It's hard to always be positive. The more I challenge students, the more the parents challenge me about grades. The more time I spend working on things for the classroom, the less time I have on my own writing.
I confessed to Mark Doty (a few weeks ago at his reading/craft talk) that teaching at the high school level sometimes, many times drains me. He said that I have to be able to on occasion say, "Make this. Okay good, now go make another one."
And then there is Facebook, and being department head, and....you get it. I'm always so friendly and optimistic. I'm full of ideas and help.
I'm not sure where I can really be myself. I don't even allow complaints on my blog either, really.
The truth is, I am mostly optimistic and I do truly love helping students, but somewhere in the past near decade I have lost the ability to allow myself the once-in-a-while public sigh. Or the, "I'm sorry, I just don't have time." As a result of this public image martyr syndrome, the people closest to me suffer.
For me, being a great teacher means being an okay writer, a sometimey friend, an unfocused girlfriend, and a distant daughter.
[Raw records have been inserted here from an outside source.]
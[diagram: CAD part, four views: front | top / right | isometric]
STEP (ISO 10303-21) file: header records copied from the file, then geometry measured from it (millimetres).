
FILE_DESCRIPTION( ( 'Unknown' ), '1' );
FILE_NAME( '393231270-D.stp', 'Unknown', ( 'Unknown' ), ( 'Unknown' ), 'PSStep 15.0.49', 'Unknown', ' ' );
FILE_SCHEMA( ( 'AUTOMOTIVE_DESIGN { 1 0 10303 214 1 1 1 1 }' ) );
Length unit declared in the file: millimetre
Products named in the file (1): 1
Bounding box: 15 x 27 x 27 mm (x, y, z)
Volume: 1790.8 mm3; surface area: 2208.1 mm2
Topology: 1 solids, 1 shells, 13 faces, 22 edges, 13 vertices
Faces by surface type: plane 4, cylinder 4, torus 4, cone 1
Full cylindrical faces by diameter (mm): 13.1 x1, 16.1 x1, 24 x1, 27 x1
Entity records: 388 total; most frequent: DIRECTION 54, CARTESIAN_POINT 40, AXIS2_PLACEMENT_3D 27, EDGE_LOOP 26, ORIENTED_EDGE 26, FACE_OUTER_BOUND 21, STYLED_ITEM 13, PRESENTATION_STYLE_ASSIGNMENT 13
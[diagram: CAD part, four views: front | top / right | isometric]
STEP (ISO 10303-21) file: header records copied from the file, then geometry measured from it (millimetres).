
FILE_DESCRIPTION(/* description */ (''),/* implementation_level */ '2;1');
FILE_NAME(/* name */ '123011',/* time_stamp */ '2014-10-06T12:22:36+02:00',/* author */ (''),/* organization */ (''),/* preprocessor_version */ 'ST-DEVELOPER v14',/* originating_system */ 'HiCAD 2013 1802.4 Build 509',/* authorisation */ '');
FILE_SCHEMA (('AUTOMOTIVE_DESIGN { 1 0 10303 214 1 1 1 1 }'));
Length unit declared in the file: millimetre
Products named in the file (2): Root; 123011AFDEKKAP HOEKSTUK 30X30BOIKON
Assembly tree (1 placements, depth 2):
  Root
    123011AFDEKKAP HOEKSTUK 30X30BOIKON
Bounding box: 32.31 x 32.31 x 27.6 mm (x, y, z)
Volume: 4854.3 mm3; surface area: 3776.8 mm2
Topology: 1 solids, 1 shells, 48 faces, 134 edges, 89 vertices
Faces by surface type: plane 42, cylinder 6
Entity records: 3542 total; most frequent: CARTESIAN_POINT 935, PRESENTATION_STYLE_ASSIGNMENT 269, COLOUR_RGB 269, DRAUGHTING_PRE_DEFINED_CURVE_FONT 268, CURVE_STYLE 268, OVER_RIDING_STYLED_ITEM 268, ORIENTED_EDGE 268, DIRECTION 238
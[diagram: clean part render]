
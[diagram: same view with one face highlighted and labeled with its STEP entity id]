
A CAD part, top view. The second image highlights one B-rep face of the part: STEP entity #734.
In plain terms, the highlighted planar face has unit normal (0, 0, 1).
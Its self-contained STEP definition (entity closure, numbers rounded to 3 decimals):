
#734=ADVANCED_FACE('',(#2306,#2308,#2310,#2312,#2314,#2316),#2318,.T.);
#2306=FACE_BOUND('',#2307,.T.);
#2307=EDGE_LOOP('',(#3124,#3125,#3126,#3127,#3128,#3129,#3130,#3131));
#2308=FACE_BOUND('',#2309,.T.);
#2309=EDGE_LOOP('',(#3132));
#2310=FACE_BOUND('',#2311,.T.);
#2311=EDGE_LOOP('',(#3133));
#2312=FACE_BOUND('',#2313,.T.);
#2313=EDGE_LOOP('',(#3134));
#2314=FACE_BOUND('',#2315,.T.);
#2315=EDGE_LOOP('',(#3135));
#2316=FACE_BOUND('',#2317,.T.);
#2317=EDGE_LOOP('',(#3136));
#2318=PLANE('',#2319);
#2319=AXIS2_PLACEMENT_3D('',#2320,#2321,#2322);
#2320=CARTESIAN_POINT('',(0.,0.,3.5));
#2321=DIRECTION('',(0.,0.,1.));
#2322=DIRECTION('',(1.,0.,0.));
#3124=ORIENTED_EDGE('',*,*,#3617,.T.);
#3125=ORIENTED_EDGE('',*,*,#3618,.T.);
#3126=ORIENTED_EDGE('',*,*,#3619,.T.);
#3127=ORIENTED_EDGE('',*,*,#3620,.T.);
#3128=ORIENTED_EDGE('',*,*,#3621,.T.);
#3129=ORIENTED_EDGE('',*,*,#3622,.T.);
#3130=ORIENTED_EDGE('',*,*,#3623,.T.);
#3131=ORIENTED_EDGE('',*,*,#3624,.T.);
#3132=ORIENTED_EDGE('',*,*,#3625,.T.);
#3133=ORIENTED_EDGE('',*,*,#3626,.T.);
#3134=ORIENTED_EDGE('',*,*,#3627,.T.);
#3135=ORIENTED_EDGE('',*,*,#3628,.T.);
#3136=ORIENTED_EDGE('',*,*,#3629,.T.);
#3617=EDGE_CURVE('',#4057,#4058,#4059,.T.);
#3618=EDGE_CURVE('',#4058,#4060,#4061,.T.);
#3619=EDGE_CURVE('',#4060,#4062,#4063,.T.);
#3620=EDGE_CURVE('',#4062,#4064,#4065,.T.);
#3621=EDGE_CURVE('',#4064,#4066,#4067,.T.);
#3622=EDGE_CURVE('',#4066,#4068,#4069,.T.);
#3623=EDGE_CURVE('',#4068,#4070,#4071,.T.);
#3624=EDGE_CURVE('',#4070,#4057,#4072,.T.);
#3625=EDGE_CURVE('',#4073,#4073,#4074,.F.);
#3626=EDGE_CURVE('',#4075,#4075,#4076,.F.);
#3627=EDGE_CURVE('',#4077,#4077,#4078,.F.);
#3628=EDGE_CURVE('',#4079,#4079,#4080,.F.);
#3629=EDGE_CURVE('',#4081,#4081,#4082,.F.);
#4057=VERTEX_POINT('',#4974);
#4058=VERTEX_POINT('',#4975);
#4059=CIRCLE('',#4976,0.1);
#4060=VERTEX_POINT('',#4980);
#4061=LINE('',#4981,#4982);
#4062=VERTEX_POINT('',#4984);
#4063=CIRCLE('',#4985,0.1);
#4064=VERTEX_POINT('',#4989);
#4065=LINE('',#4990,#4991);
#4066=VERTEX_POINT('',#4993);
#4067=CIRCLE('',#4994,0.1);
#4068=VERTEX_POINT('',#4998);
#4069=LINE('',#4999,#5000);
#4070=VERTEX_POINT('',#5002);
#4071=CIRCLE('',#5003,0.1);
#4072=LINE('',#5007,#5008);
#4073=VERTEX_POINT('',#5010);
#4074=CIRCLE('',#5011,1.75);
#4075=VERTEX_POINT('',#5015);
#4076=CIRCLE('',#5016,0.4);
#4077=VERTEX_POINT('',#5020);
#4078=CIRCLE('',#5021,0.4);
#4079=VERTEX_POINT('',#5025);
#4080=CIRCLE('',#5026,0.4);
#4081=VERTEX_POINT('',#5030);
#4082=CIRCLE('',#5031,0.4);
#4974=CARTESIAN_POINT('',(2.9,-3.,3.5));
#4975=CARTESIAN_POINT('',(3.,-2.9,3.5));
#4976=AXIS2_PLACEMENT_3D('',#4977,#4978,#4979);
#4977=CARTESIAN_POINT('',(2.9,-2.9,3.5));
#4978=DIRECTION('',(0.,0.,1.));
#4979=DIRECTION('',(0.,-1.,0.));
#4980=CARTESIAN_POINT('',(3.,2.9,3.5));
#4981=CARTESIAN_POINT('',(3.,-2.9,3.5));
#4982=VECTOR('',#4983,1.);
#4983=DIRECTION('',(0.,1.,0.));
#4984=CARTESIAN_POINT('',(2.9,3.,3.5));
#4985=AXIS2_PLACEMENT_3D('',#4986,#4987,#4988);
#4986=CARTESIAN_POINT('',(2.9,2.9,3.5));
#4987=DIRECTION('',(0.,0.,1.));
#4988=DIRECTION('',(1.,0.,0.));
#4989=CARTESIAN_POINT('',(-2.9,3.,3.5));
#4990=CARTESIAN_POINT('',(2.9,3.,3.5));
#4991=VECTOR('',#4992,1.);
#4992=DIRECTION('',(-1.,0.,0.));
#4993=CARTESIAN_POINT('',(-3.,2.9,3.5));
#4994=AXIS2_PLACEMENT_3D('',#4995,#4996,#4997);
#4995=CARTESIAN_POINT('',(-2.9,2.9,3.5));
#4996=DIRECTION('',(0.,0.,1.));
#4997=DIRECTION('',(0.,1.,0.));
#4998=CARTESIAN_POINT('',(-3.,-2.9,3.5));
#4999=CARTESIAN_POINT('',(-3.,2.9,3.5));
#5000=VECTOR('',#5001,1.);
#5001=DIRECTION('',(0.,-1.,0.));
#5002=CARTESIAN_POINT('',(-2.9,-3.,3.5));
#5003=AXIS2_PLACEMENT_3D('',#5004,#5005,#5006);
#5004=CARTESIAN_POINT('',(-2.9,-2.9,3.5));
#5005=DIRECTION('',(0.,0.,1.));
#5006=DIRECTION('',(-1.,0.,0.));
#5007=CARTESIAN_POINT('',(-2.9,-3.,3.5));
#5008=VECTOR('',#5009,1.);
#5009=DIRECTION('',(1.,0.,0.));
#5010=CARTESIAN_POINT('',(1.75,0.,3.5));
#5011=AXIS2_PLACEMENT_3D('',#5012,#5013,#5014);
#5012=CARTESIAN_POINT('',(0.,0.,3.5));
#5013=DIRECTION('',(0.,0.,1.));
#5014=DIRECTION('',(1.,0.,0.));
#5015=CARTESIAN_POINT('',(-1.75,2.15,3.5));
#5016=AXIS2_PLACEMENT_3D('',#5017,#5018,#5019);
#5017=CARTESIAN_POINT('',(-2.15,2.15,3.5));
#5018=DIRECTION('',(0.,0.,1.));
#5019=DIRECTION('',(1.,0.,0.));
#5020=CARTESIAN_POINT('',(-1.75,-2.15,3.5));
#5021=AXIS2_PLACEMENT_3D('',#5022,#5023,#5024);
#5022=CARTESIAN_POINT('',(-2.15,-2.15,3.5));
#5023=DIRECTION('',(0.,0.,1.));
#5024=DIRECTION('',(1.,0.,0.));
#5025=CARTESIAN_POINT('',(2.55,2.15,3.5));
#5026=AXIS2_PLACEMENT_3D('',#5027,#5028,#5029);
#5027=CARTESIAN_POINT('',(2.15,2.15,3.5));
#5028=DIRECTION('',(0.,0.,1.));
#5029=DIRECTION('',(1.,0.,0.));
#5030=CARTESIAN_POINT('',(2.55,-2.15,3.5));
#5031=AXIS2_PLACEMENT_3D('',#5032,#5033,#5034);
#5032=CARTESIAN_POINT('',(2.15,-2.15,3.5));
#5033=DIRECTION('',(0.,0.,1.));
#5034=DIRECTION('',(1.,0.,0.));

Add running into the equation and time is even more scarce. I must find balance. There are so many wonderful teachers who are also wonderful at their other roles in life. I must figure this out.
5 comments:
I've been thinking about this a lot lately, too. Seems there's never enough energy for everything I want out of life. Unfortunately, I tend to withdraw from real people in order to have energy for my students and coworkers.
But I'm all about the public sigh. :) Woe is me.
Somewhere I read that good children should go on to try and do good outside the home and that parents understand that this means their focus and commitment needs to be elsewhere.
As far as the rest our focus goes, every little bit will just have to be enough.
I don't know what being a writer means. I don't think it's as mysterious as everyone makes it out to be. It doesn't need to be esoteric and mystical, although sometimes it does because sometimes that's interesting. Like, in a moment I'm going to press a button and these words will appear, and though I don't understand html programming, I understand that this publication is as much my voice as any other thing I've written. Here it is and that's got to mean something.
Sara- It's nice to know that it's not just me who withdraws from the world. And maybe the public sigh would be beneficial to my attempt to earn balance.
John- Maybe I have been stuck or stuck myself in that realm where I think being a writer means writing all the time or having everything but my writing life be a mess. You're right. Whatever it means to be a writer doesn't have to be a mystery. It doesn't mean the same thing to everyone, nor does it need to be something elite.
Of course, I can say what it isn't, but I'm not sure I know what it means to be a writer either.
if u r teacher be confident & teach the students the best u can u can go & check shah5.blogspot.com read about the backencher & then tell.u paintbrush will paint & trigger will fire !
Life's all about balance and choice.
If you chose to be a damn good teacher - then great, that's what matters - I am sure your friends and family and anyone else that you feel you neglect simply admire you for it.